Last year President Barack Obama proved that he is still “the man”. He still runs the best campaign and defies the odds. Most Republicans believed or hoped that President Obama would be easily defeated last November due to the poor economy and public discontent toward politicians. They were wrong. The Republicans nominated an out-of-touch elitist who voters rejected and President Obama was easily elected to a second term.
Let’s thank the everyday folks who turned out to vote in record numbers and who believed in the President’s vision for America. Cheers and High Fives to the majority of the voters and double cheers to the Democrats and Independents who went to the polls in record numbers in Ohio, Florida, North Carolina,Virginia and other swing states. Those of us in Georgia were counting on you and you made history again by voting for sensible, sensitive and smart government.
Another lesson learned from 2012 is that Republicans will raise taxes. GOP Speaker John Boehner and almost half of the Republicans in Congress voted to raise taxes. Despite years and years of no tax pledges from the far right, lots of rhetoric and public threats to moderates and Democrats who dared to talk about investing in America instead of divesting. They put aside their fears of future political primaries for ensuring the fiscal health of the country.
While most Southern Republicans stuck to their guns (literally) and voted against raising taxes, the two Georgia Senators, Johnny Isakson and Clarence Saxby Chambliss, channeled their best progressive inner voices and voted with the President and the majority of the their Senate colleagues to put the country on the right path to economic recovery.
Finally, voters in Georgia proved that statewide ballot referenda can pass, even in a recession. A strong campaign, amenable ballot language and the right policy focus led to the amendment for Public Charter Schools being approved by a landslide vote at the polls in November. And in doing so, a new coalition of African American and moderate suburban Republican voters was birthed in Georgia. Elected officials with eyes toward higher office would be wise to take note of that alliance.

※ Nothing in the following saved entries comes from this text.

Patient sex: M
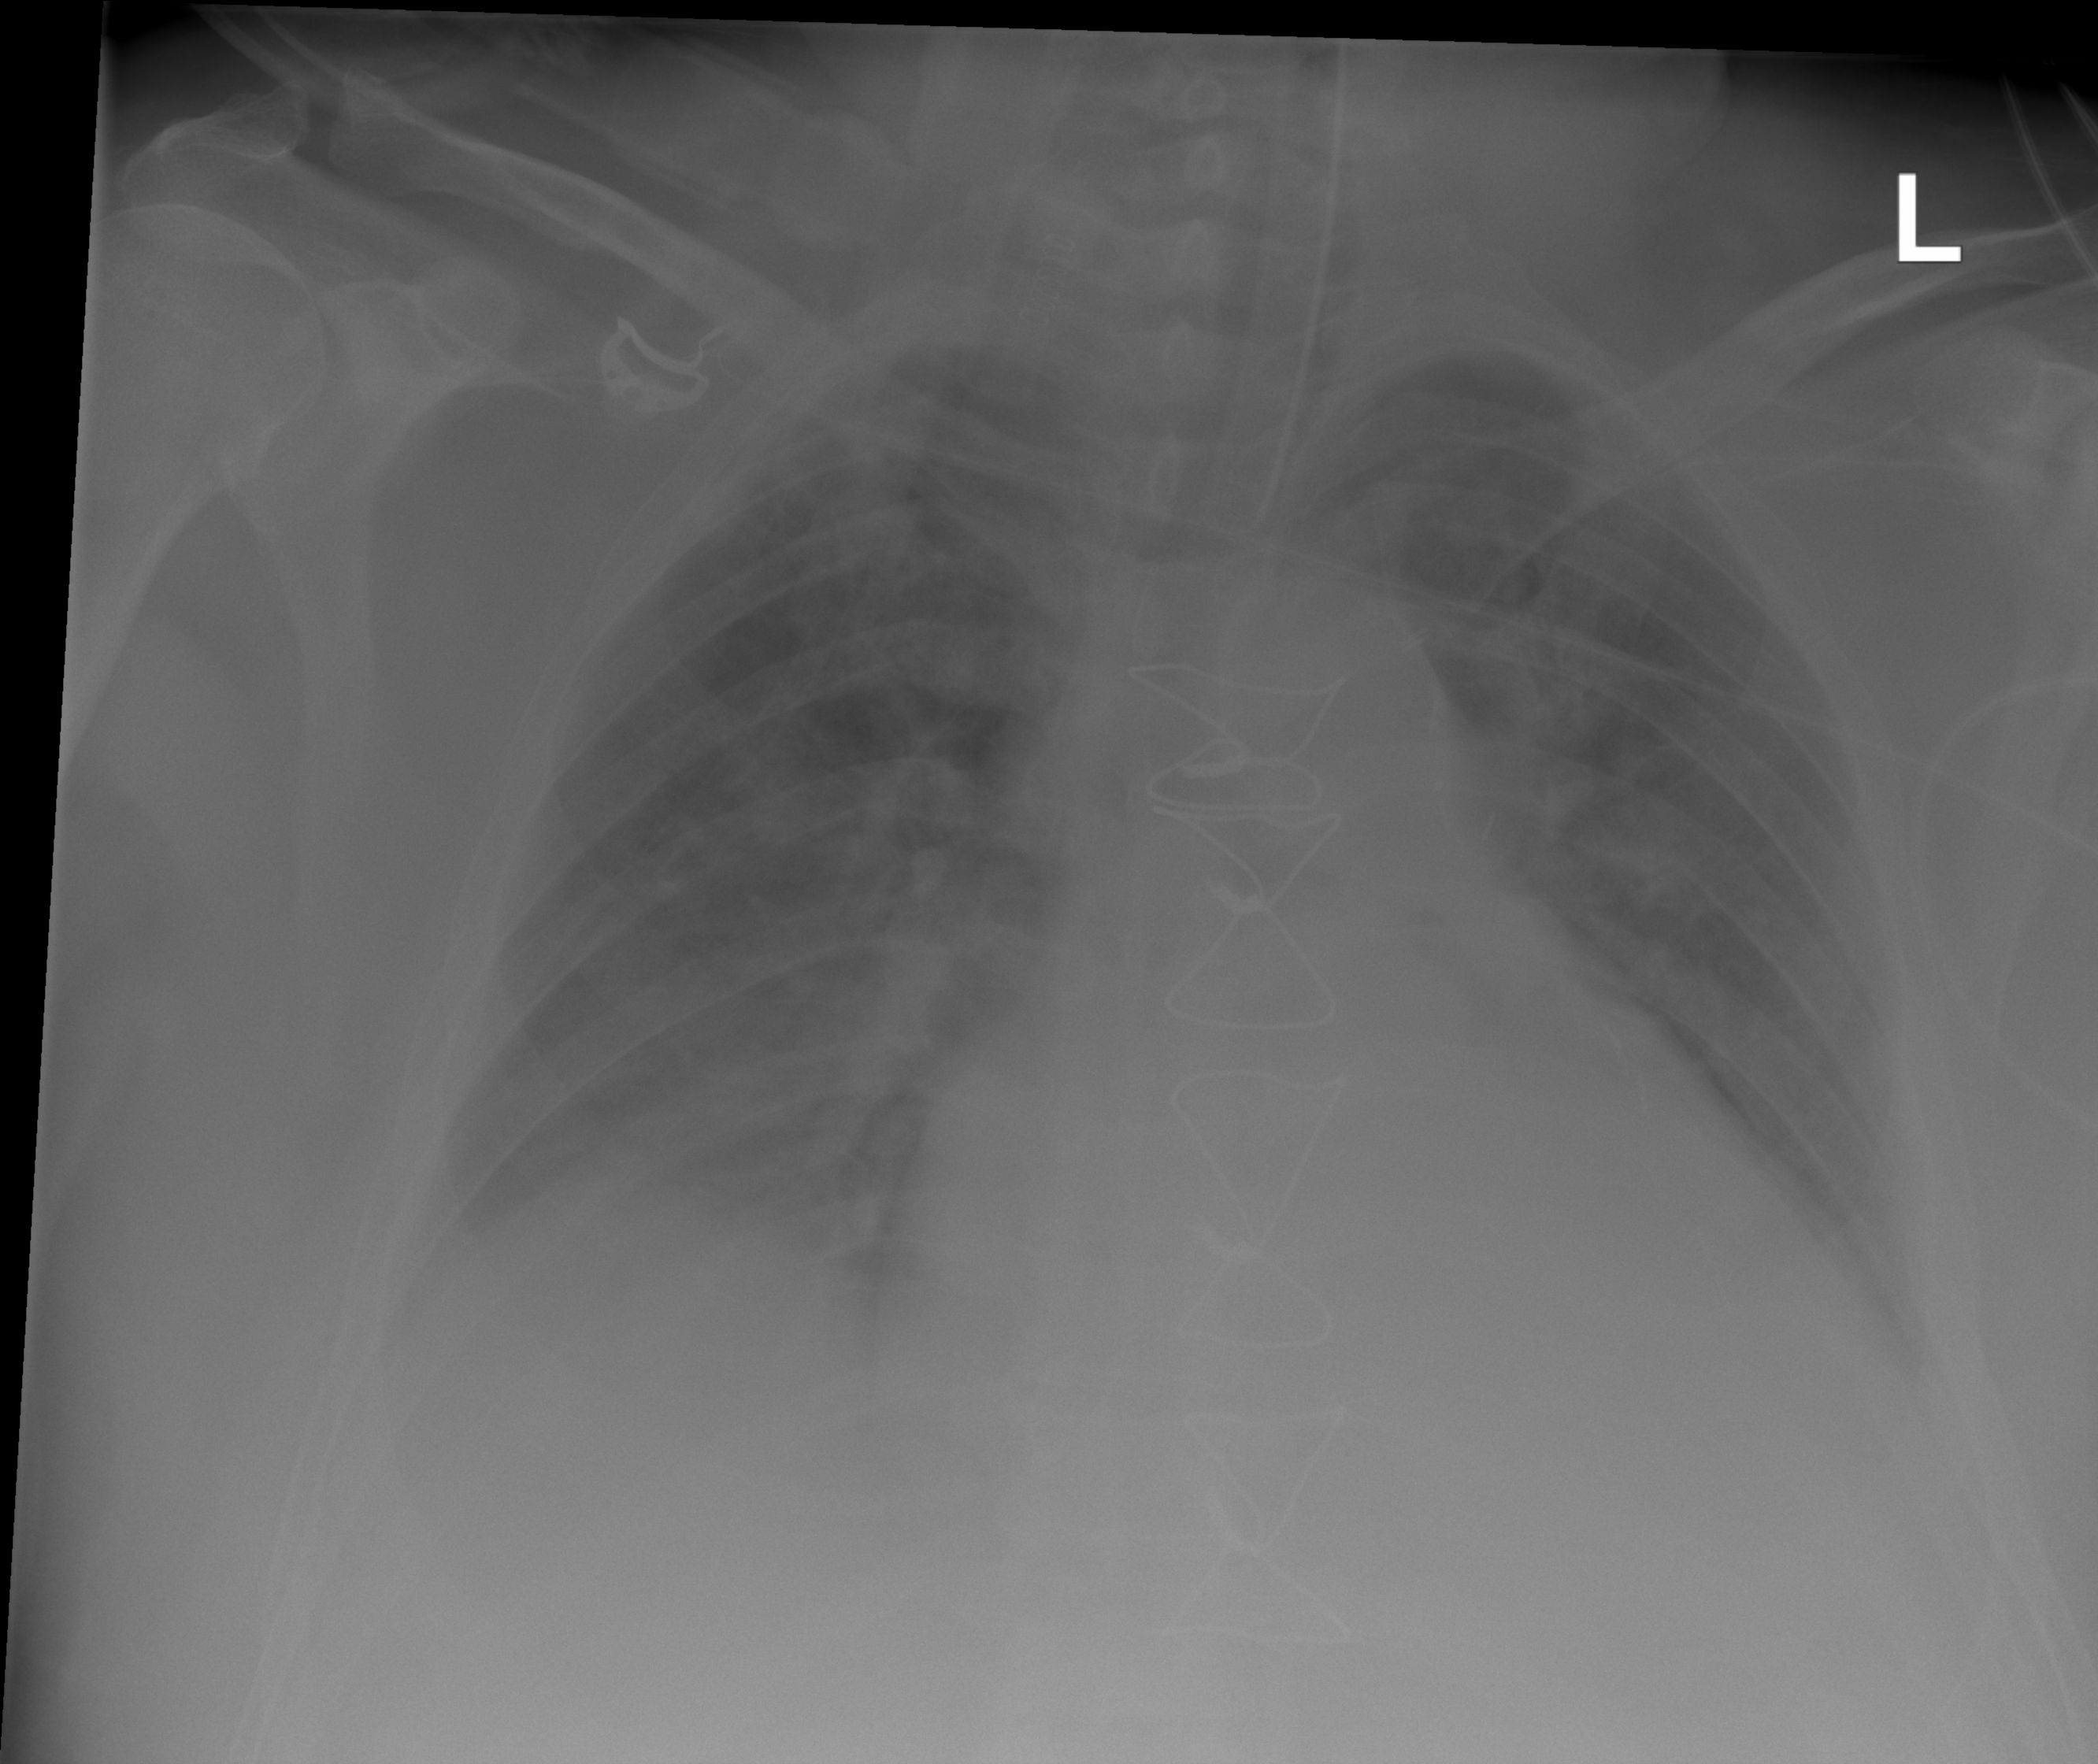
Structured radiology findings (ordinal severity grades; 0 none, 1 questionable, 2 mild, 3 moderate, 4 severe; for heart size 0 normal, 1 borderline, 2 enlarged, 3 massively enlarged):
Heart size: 3
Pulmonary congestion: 2
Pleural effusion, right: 2
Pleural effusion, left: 2
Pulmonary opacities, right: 0
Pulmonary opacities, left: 0
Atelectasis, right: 2
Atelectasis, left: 2
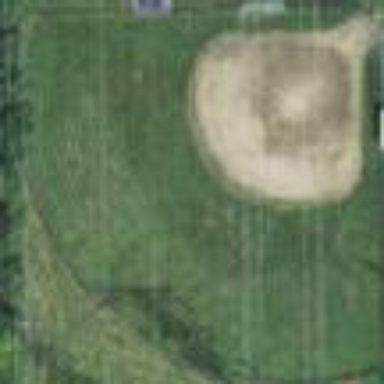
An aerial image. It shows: Baseball pitch for leisure land.
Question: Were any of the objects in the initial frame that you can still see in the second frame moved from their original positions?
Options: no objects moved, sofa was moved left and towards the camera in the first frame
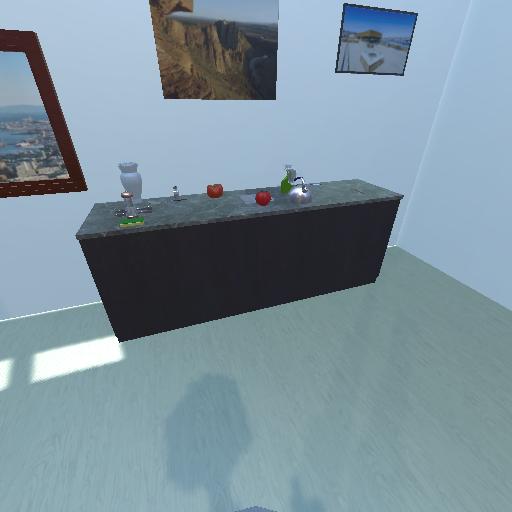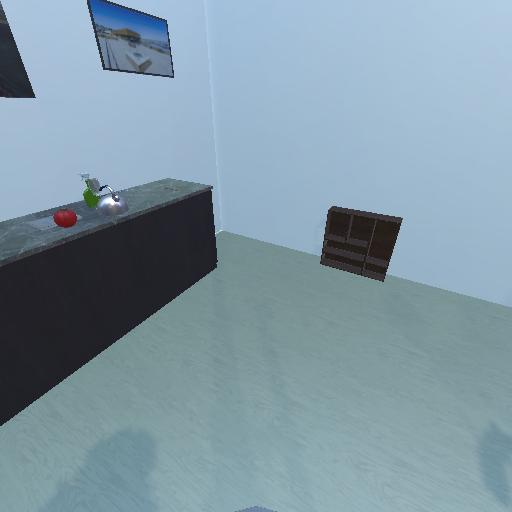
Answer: no objects moved
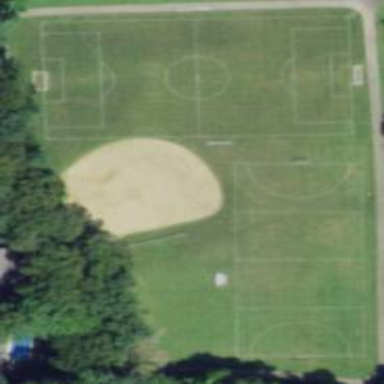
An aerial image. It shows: Grass pitch suitable for baseball and soccer activities.
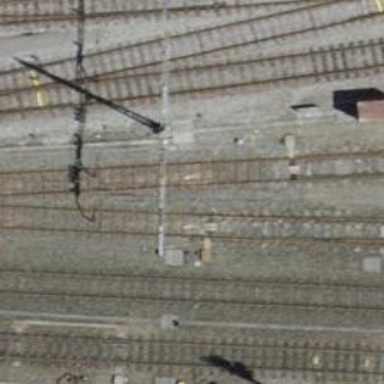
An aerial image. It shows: Railway switch.
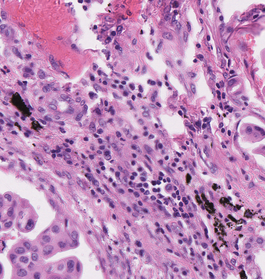
Tumor epithelial tissue: yes
Tumor-associated stroma tissue: yes
Normal tissue: no
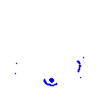
Particle: pion
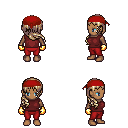
a pixel art fantasy rpg character, female body template, human, dark skin, maroon sleeveless shirt, red pants, white blonde right-swept hairstyle, red bandana, gold gloves, four views (front, back, left, right), 2x2 character sprite sheet, small pixel art, hard edges, no anti-aliasing
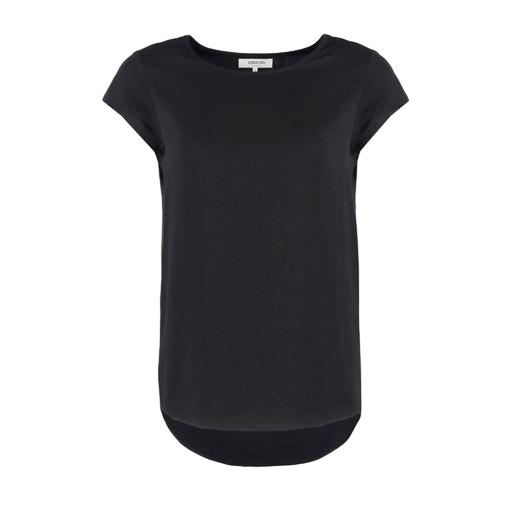
black curved hem t-shirt, black curved hem tee, black high-low hem t-shirt, white background
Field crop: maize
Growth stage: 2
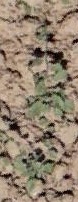
Species: convolvulus
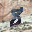
Label: 8
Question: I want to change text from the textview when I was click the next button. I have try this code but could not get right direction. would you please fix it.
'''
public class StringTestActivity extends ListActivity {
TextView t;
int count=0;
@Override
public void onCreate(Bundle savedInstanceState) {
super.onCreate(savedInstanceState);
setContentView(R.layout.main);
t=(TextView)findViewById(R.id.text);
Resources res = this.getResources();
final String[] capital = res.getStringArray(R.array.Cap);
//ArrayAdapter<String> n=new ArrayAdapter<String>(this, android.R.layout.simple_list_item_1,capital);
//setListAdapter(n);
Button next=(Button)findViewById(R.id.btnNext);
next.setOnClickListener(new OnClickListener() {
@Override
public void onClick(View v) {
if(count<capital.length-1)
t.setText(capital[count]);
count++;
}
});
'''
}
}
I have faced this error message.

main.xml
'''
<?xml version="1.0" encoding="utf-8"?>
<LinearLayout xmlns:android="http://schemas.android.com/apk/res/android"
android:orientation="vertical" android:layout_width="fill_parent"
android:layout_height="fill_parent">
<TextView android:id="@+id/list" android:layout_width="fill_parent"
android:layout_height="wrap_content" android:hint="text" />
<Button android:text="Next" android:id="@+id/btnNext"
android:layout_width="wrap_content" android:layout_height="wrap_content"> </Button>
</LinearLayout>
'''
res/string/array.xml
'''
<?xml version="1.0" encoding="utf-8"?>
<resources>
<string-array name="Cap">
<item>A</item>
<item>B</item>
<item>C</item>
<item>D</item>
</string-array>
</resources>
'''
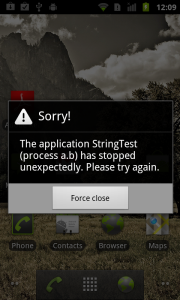
Answer: If you are not using ListView then implement not . So make this change
Also
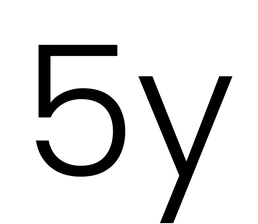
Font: Poppins-Light
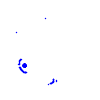
Particle: electron
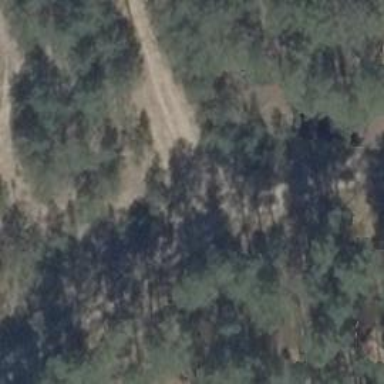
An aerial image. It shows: Dirt track road with grade 4 tracktype.
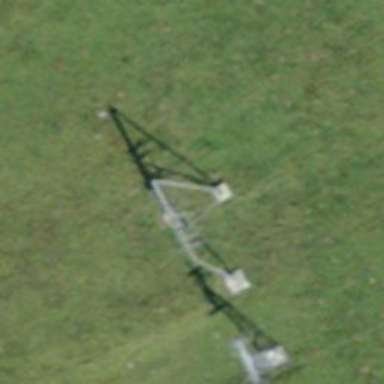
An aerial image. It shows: Pylon used for aerialway.
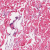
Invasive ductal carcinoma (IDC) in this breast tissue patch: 0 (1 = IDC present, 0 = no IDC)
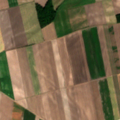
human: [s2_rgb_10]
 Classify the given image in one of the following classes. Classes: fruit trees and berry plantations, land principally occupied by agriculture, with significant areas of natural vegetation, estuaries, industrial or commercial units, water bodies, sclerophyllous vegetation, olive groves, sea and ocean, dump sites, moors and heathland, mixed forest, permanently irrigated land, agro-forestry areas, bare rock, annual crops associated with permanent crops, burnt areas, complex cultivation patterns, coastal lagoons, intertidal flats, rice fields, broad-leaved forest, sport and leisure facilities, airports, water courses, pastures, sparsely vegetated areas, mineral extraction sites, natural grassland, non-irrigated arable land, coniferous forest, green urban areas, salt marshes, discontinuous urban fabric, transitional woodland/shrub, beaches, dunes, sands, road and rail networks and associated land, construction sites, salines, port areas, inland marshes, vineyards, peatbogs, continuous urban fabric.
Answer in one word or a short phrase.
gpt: discontinuous urban fabric, non-irrigated arable land
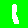
Digit: 1
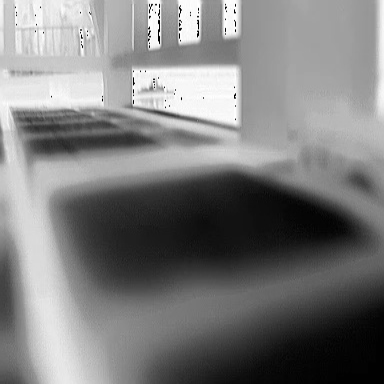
There is a warship in the infrared image.
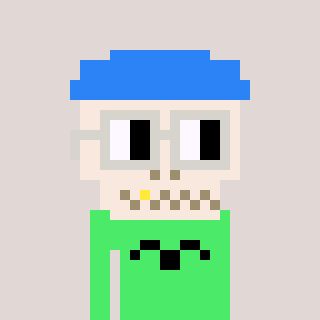
a pixel art character with square light gray glasses, a skeleton-hat-shaped head and a teal-colored body on a warm background

Lessons learned from the 2012 election season, well we’ll leave it to you to decide what matters most to you. But for us we have learned to keep pushing smart, research-based public policy solutions, even imperfect ones.
The next year will bring its own challenges. More discussions of the nation’s fiscal policy, a possible re-branding of the Republican Party platform, and the 2nd amendment will likely dominate the national debate. Locally, Georgia’s sagging economy, ethics, and municipal elections in Atlanta will be front and center this year.